- _Input for this task_:
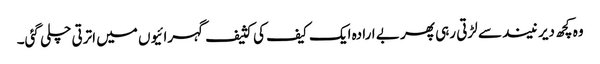
وہ کچھ دیر نیند سے لڑتی رہی پھر بے ارادہ ایک کیف کی کثیف گہرائیوں میں اترتی چلی گئی۔
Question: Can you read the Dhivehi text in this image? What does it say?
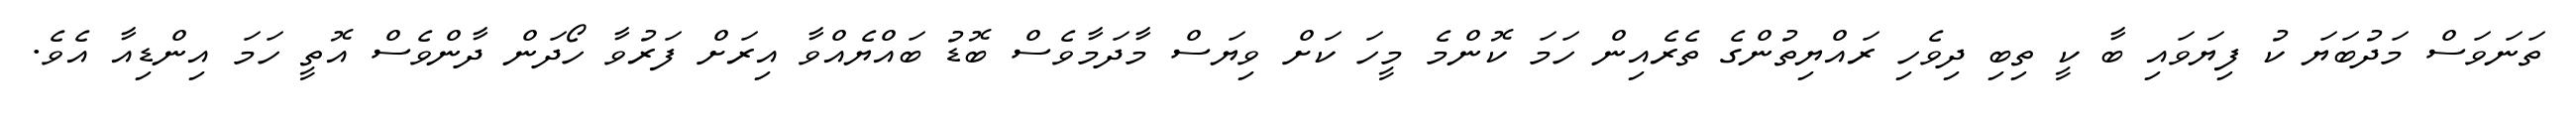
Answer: ތަނަވަސް މަދުބަޔަ ކު ފިޔަވައި ބާ ކީ ތިބި ދިވެހި ރައްޔިތުންގެ ތެރެއިން ހަމަ ކޮންމެ މީހަ ކަށް ވިޔަސް މާދަމާވެސް ބޮޑު ބައްޔެއްވާ އިރަށް ފަރުވާ ހޯދަން ދާންވެސް އޮތީ ހަމަ އިންޑިއާ އެވެ.
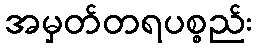
အမှတ်တရပစ္စည်း
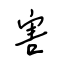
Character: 害
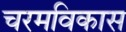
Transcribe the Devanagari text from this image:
चरमविकास
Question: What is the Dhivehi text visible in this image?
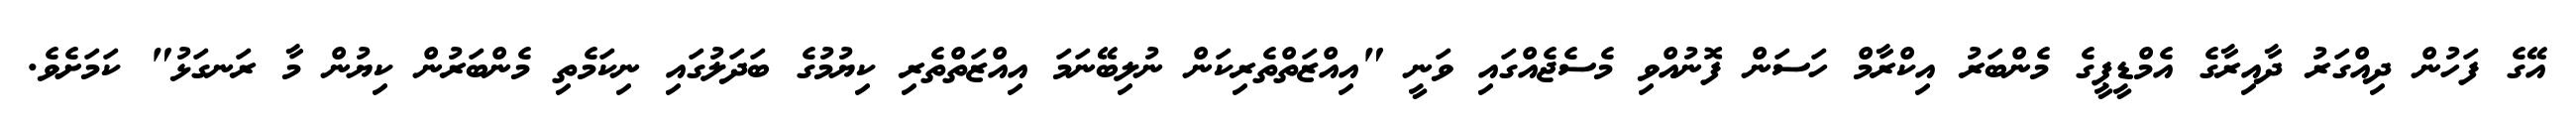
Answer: އޭގެ ފަހުން ދިއްގަރު ދާއިރާގެ އެމްޑީޕީގެ މެންބަރު އިކްރާމް ހަސަން ފޮނުއްވި މެސެޖެއްގައި ވަނީ "އިއްޒަތްތެރިކަން ނުލިބޭނަމަ އިއްޒަތްތެރި ކިޔުމުގެ ބަދަލުގައި ނިކަމެތި މެންބަރުން ކިޔުން މާ ރަނގަޅު" ކަމަށެވެ.
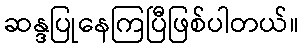
ဆန္ဒပြုနေကြပြီဖြစ်ပါတယ်။
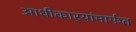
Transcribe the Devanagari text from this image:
आधीकार्‍यांमार्फत
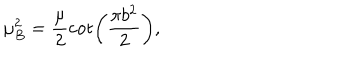
LaTeX: \mu _ { B } ^ { 2 } = \frac { \mu } { 2 } \cot \left( \frac { \pi b ^ { 2 } } { 2 } \right) ,
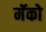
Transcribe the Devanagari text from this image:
मॅको
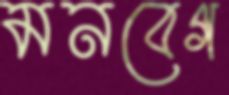
মনবেগ
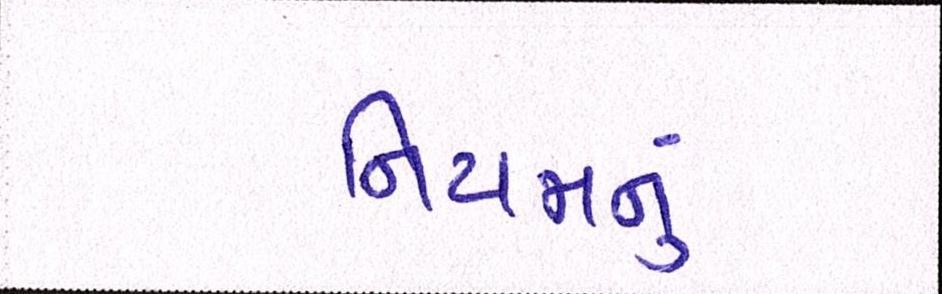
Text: નિયમનું
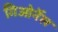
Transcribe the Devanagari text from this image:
गिओर्नेल
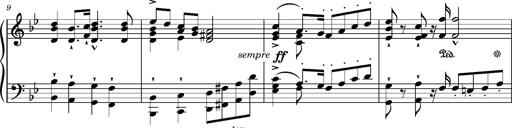
Title: Ungarischer Marsch
Composer: Friedrich Nietzsche
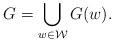
LaTeX: \begin{align*} G=\bigcup_{w\in\mathcal{W}}G(w).\end{align*}
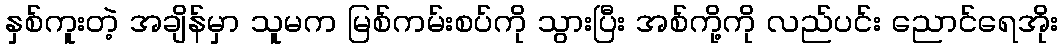
နှစ်ကူးတဲ့ အချိန်မှာ သူမက မြစ်ကမ်းစပ်ကို သွားပြီး အစ်ကို့ကို လည်ပင်း ညောင်ရေအိုး
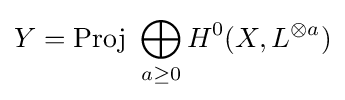
Y={\text{Proj }}\bigoplus _{a\geq 0}H^{0}(X,L^{\otimes a})
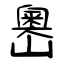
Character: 嶴
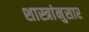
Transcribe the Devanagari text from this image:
शास्त्रांनुसार
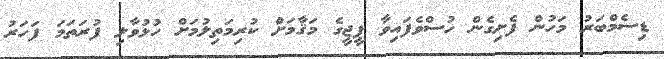
ޑިސެމްބަރު މަހުން ފެށިގެން ހުސްވެެފައިވާ ޕީޖީގެ މަޤާމަށް ކުރިމަތިލުމަށް ހުޅުވާލި ފުރަތަމަ ފަހަރު
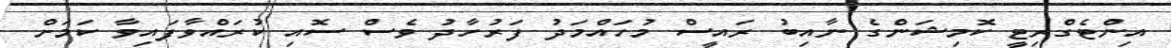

- _Exercise objective_: The expected answer is a copy of each line in the listing above that contains "What".

- _Written reply_:
Question: Can you read the Dhivehi text in this image? What does it say?
Question: What is the Dhivehi text visible in this image?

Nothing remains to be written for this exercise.